(Exercise materials Opens)

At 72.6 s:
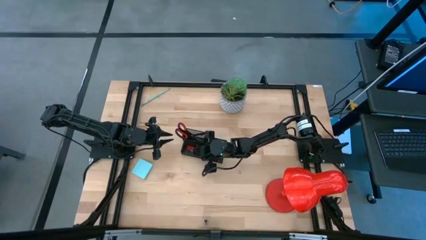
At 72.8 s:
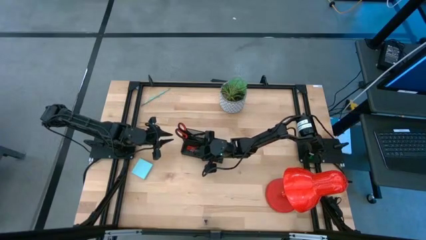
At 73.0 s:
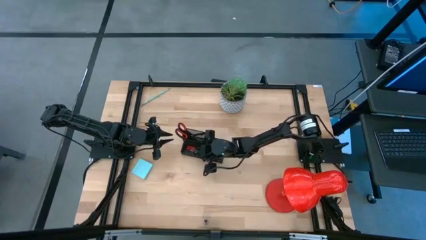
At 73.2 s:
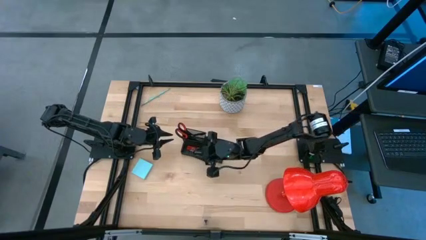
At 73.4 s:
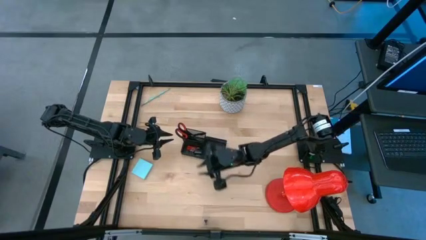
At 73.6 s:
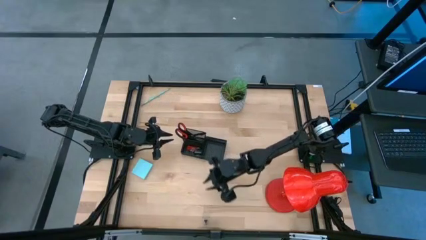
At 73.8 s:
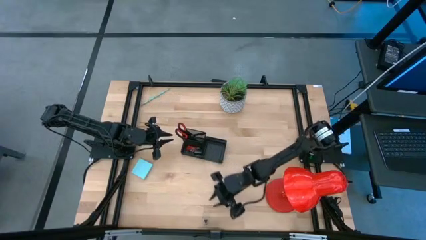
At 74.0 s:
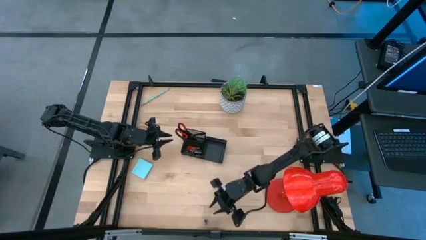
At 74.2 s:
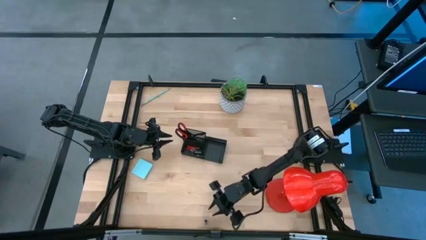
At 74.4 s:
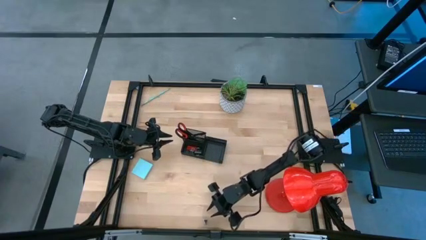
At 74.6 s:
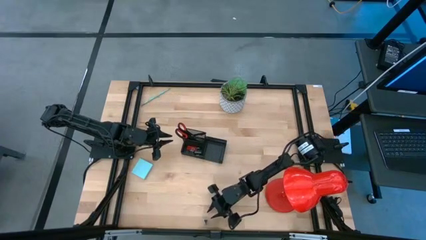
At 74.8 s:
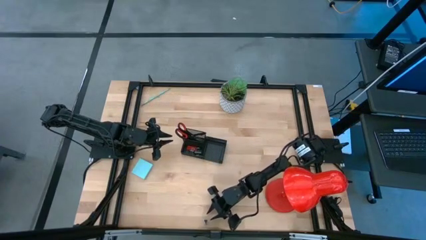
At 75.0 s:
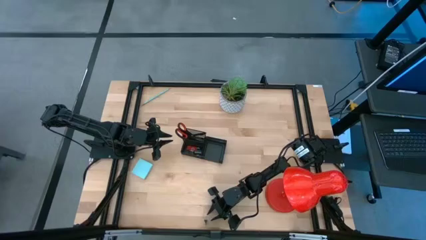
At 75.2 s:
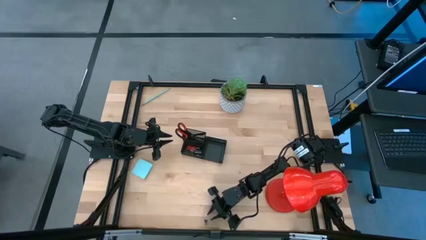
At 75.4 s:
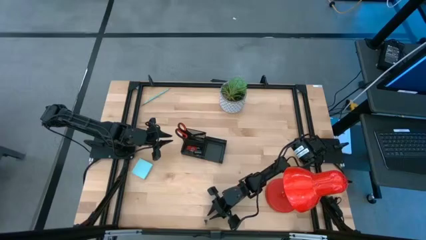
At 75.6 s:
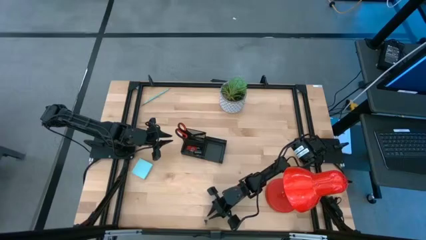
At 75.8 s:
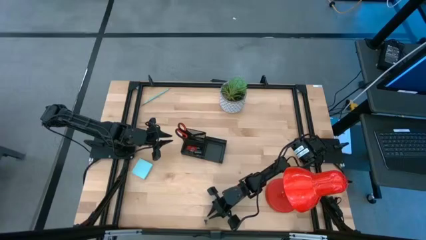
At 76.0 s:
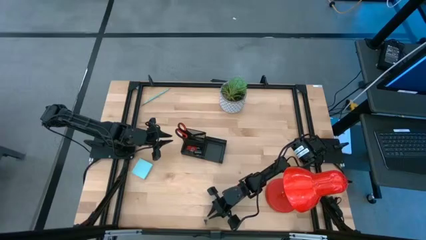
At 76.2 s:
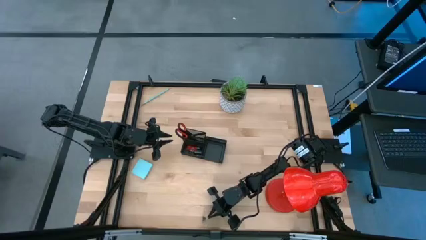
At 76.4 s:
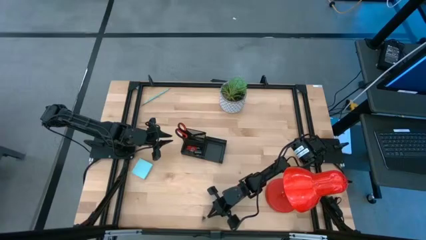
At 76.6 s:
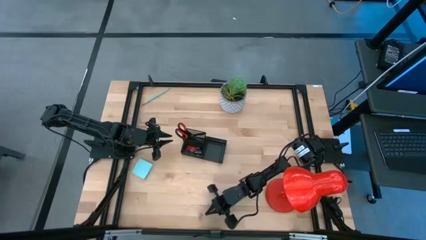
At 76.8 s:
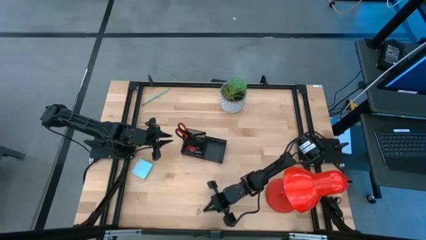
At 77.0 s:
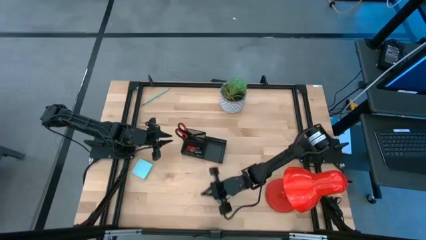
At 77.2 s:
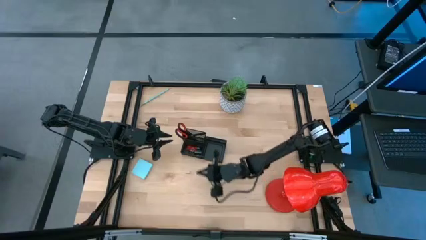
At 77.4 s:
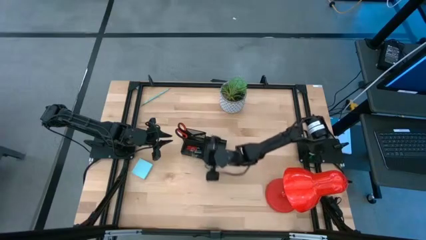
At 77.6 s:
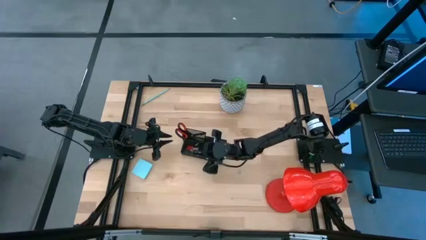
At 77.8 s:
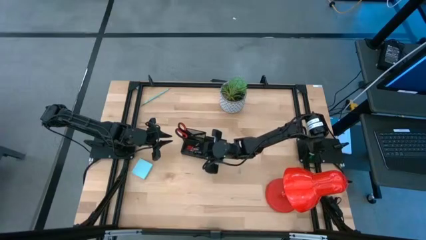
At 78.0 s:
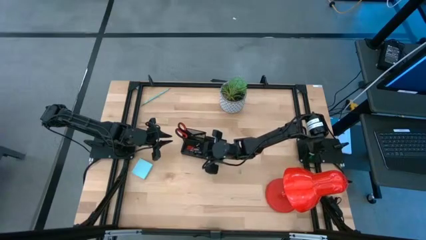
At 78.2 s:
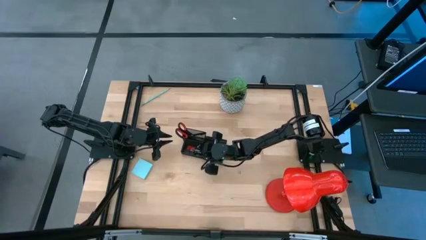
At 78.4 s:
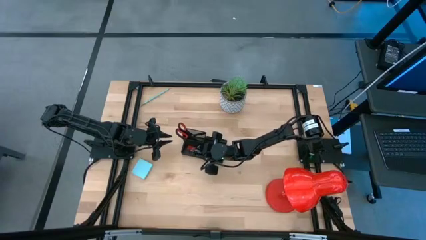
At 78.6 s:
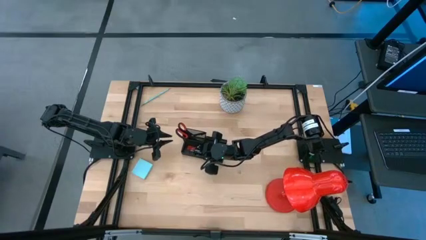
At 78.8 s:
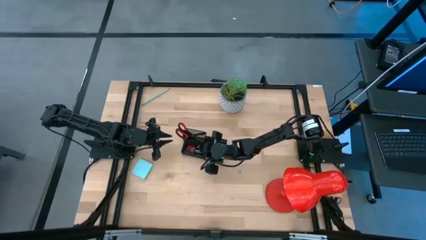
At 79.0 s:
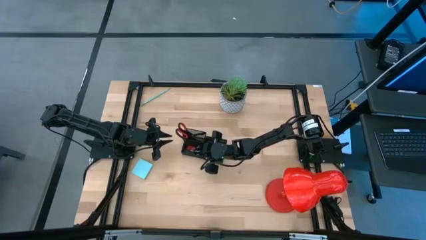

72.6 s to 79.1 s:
Put the binder clip into the bottom left section of the desk organizer

(Exercise materials Closes)

[Work required] Where a record above holds a picture, drop the picture and print the rest exactly.

[Response area]
At 72.6 s:
At 72.8 s:
At 73.0 s:
At 73.2 s:
At 73.4 s:
At 73.6 s:
At 73.8 s:
At 74.0 s:
At 74.2 s:
At 74.4 s:
At 74.6 s:
At 74.8 s:
At 75.0 s:
At 75.2 s:
At 75.4 s:
At 75.6 s:
At 75.8 s:
At 76.0 s:
At 76.2 s:
At 76.4 s:
At 76.6 s:
At 76.8 s:
At 77.0 s:
At 77.2 s:
At 77.4 s:
At 77.6 s:
At 77.8 s:
At 78.0 s:
At 78.2 s:
At 78.4 s:
At 78.6 s:
At 78.8 s:
At 79.0 s:

72.6 s to 79.1 s:
Put the binder clip into the bottom left section of the desk organizer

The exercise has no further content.